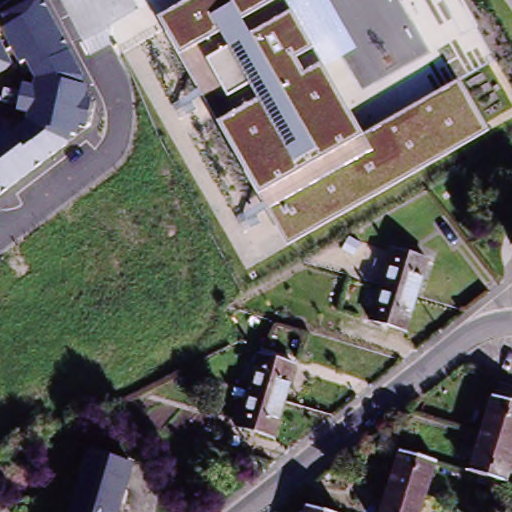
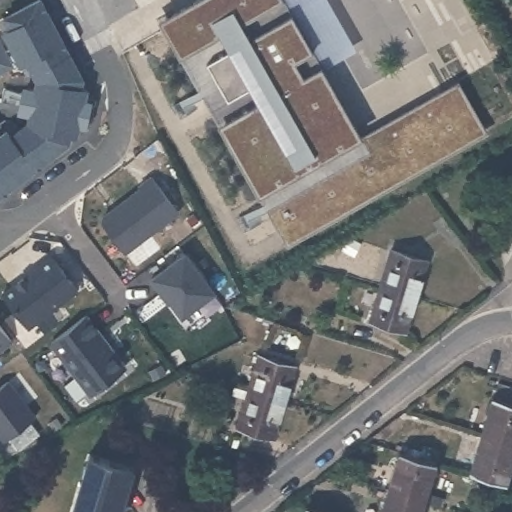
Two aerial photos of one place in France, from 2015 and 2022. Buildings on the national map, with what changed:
unchanged [(4,130),(9,137),(23,125),(26,117),(18,115),(23,83),(34,84),(34,78),(25,62),(18,66),(17,63),(0,74),(0,35),(3,34),(0,30),(7,27),(2,18),(36,0),(44,0),(85,78),(84,86),(90,88),(80,138),(71,136),(69,144),(0,197),(0,125),(4,130)]
unchanged [(193,0),(284,0),(364,137),(459,81),(488,132),(289,244),(260,195),(219,124),(181,56),(158,19),(193,0)]
new [(139,188),(154,179),(179,213),(125,253),(100,220),(141,189),(139,188)]
unchanged [(381,290),(392,253),(428,263),(416,301),(381,290)]
new [(53,255),(78,289),(29,326),(3,292),(53,255)]
new [(161,292),(151,279),(183,256),(211,292),(182,314),(172,300),(169,303),(161,292)]
unchanged [(406,335),(371,325),(381,290),(416,301),(406,335)]
new [(101,334),(97,337),(107,350),(113,349),(125,366),(93,391),(53,340),(86,315),(101,334)]
new [(11,340),(0,349),(0,325),(11,340)]
unchanged [(251,396),(261,361),(296,371),(286,406),(251,396)]
new [(7,381),(33,415),(4,437),(0,432),(0,386),(7,381)]
unchanged [(274,444),(240,434),(251,396),(286,406),(274,444)]
unchanged [(512,406),(512,448),(481,439),(493,400),(512,406)]
new [(27,420),(36,432),(19,445),(10,433),(27,420)]
unchanged [(512,466),(505,488),(469,476),(481,439),(512,448),(512,466)]
unchanged [(437,466),(425,504),(387,492),(399,454),(437,466)]
unchanged [(131,473),(120,512),(73,512),(88,460),(131,473)]
unchanged [(381,512),(387,492),(425,504),(423,512),(381,512)]

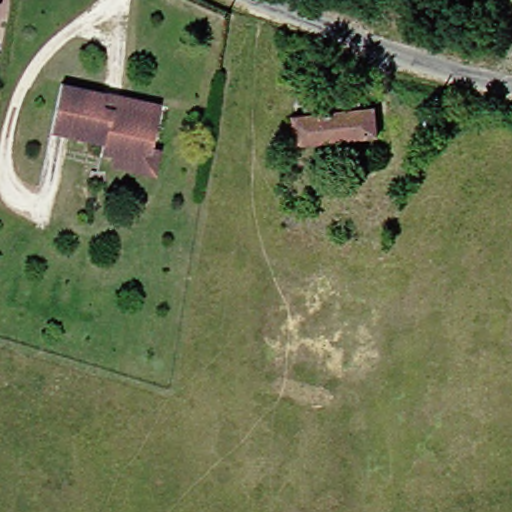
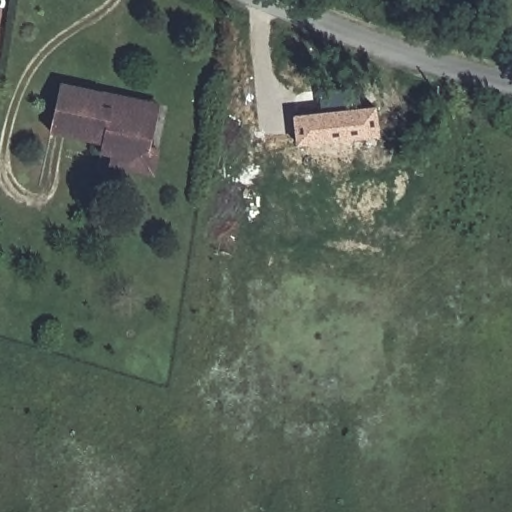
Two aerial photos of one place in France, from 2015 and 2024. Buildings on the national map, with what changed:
unchanged [(112,166),(113,159),(100,154),(101,145),(69,139),(51,135),(61,88),(70,90),(107,96),(161,106),(159,117),(152,154),(161,158),(158,176),(112,166)]
unchanged [(332,158),(332,143),(303,144),(301,93),(379,91),(381,139),(358,141),(359,158),(332,158)]

------------------------------------

> [Exercise brief]:
Return each line of the data where the word "national" appears.

> [Response box]:
Two aerial photos of one place in France, from 2015 and 2022. Buildings on the national map, with what changed:
Two aerial photos of one place in France, from 2015 and 2024. Buildings on the national map, with what changed:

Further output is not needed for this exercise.